* **Task to complete**: Using the listing below, return every line that includes "none".

++++ Provided records ++++

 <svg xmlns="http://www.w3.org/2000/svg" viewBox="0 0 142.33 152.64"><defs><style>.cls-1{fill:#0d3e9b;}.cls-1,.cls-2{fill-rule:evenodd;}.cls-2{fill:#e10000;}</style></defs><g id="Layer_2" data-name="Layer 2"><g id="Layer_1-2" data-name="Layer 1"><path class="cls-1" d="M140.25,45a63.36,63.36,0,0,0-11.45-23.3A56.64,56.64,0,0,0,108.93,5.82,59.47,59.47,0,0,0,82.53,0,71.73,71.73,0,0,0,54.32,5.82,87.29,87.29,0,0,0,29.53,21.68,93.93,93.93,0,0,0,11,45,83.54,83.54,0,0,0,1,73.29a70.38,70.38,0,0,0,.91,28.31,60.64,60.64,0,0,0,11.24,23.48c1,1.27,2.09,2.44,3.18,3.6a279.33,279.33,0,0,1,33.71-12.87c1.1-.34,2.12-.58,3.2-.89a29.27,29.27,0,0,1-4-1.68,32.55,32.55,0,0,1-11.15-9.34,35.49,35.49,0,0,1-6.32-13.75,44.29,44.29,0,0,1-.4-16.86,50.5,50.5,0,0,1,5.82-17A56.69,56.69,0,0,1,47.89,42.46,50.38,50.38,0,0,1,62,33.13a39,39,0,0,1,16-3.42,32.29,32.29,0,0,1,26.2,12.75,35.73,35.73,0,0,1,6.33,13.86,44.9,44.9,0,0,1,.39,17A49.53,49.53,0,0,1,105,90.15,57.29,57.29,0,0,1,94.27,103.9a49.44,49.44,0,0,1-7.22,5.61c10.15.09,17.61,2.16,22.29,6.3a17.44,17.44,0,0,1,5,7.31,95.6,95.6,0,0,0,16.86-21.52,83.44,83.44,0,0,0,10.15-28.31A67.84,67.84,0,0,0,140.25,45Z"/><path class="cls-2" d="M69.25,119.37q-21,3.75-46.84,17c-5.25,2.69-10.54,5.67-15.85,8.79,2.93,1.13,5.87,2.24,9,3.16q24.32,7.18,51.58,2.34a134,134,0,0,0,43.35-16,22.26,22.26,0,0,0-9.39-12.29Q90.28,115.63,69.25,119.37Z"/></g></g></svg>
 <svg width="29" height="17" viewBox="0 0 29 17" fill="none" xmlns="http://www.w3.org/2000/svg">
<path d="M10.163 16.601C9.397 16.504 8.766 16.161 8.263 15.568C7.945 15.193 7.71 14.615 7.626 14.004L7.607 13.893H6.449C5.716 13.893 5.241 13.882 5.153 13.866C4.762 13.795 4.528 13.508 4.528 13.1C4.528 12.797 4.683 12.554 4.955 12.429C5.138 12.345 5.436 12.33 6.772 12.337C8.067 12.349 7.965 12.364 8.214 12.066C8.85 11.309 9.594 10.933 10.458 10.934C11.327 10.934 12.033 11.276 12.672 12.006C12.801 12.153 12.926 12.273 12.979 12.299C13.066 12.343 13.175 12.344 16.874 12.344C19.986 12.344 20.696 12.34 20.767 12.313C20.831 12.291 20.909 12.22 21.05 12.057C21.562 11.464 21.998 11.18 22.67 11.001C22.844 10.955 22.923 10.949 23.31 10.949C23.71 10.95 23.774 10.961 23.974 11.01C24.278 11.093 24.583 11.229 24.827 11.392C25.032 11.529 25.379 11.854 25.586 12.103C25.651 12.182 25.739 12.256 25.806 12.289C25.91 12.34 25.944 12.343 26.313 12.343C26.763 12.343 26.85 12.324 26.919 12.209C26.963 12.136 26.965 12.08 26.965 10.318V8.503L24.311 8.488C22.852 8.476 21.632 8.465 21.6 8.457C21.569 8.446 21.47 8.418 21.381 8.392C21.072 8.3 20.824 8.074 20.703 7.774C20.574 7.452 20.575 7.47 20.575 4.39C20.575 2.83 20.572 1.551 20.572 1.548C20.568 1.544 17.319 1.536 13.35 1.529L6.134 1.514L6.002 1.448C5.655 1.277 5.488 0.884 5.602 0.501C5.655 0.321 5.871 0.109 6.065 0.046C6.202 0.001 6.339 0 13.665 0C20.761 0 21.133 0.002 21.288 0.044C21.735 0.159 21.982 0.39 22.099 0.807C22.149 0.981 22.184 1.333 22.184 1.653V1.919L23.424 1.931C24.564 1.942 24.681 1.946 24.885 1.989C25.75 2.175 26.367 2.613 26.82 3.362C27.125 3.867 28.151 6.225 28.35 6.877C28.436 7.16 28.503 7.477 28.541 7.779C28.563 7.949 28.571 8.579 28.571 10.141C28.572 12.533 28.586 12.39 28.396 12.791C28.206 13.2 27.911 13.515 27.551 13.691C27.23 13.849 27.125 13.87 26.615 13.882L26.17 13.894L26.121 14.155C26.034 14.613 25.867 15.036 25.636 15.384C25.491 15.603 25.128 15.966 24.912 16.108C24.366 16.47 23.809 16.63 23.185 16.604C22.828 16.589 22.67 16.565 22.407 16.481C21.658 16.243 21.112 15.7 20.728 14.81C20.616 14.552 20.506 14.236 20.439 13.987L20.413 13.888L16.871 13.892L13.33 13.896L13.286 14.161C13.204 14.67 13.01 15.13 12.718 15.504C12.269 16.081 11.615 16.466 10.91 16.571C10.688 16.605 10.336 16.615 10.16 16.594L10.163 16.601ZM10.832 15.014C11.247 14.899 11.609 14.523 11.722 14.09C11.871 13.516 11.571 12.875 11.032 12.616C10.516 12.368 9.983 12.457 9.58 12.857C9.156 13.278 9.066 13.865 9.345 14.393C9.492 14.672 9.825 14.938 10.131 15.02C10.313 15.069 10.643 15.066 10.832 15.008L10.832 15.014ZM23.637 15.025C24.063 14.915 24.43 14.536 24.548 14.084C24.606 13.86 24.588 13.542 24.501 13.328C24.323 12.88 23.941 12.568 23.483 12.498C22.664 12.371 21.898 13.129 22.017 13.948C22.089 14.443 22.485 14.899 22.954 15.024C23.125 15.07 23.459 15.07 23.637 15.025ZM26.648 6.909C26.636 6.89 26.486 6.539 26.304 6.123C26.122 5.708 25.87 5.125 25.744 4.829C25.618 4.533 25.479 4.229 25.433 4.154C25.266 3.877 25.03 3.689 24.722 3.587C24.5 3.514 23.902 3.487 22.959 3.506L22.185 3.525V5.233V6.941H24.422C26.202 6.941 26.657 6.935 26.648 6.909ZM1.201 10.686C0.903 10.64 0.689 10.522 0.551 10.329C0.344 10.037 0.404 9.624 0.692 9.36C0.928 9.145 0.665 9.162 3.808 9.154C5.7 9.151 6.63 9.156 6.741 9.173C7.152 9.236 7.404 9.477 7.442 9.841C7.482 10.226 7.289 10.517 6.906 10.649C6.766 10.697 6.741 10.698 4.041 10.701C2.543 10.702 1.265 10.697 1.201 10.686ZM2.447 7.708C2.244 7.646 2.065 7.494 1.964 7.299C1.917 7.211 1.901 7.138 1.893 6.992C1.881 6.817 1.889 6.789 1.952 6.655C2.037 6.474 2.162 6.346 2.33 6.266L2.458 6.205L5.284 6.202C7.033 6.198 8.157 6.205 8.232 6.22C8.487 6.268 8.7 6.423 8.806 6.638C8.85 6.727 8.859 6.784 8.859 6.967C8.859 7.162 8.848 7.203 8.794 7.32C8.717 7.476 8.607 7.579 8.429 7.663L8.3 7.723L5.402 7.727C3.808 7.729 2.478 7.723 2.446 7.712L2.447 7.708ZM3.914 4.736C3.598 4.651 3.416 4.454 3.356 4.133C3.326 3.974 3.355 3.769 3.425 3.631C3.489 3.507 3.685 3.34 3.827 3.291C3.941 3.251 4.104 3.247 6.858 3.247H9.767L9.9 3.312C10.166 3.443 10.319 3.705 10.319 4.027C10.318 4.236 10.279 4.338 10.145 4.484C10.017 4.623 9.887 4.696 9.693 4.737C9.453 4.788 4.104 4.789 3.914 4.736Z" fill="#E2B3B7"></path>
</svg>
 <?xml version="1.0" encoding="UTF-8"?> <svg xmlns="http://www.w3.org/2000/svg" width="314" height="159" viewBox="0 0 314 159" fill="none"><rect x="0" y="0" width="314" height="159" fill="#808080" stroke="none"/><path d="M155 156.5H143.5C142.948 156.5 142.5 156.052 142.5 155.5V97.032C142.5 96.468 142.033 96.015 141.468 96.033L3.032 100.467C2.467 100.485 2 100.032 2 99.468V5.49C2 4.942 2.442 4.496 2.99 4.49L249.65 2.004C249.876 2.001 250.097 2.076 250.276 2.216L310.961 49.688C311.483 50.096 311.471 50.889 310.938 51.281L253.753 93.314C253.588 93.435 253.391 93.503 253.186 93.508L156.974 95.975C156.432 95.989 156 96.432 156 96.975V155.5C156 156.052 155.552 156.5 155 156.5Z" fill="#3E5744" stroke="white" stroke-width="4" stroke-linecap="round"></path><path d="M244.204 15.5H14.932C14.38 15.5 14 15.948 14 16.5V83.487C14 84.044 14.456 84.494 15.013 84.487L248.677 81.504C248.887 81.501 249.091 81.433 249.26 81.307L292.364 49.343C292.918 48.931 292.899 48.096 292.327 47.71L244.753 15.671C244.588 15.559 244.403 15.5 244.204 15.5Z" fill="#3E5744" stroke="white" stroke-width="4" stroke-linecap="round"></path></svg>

++++

* **Task answer**:
 <svg width="29" height="17" viewBox="0 0 29 17" fill="none" xmlns="http://www.w3.org/2000/svg">
 <?xml version="1.0" encoding="UTF-8"?> <svg xmlns="http://www.w3.org/2000/svg" width="314" height="159" viewBox="0 0 314 159" fill="none"><rect x="0" y="0" width="314" height="159" fill="#808080" stroke="none"/><path d="M155 156.5H143.5C142.948 156.5 142.5 156.052 142.5 155.5V97.032C142.5 96.468 142.033 96.015 141.468 96.033L3.032 100.467C2.467 100.485 2 100.032 2 99.468V5.49C2 4.942 2.442 4.496 2.99 4.49L249.65 2.004C249.876 2.001 250.097 2.076 250.276 2.216L310.961 49.688C311.483 50.096 311.471 50.889 310.938 51.281L253.753 93.314C253.588 93.435 253.391 93.503 253.186 93.508L156.974 95.975C156.432 95.989 156 96.432 156 96.975V155.5C156 156.052 155.552 156.5 155 156.5Z" fill="#3E5744" stroke="white" stroke-width="4" stroke-linecap="round"></path><path d="M244.204 15.5H14.932C14.38 15.5 14 15.948 14 16.5V83.487C14 84.044 14.456 84.494 15.013 84.487L248.677 81.504C248.887 81.501 249.091 81.433 249.26 81.307L292.364 49.343C292.918 48.931 292.899 48.096 292.327 47.71L244.753 15.671C244.588 15.559 244.403 15.5 244.204 15.5Z" fill="#3E5744" stroke="white" stroke-width="4" stroke-linecap="round"></path></svg>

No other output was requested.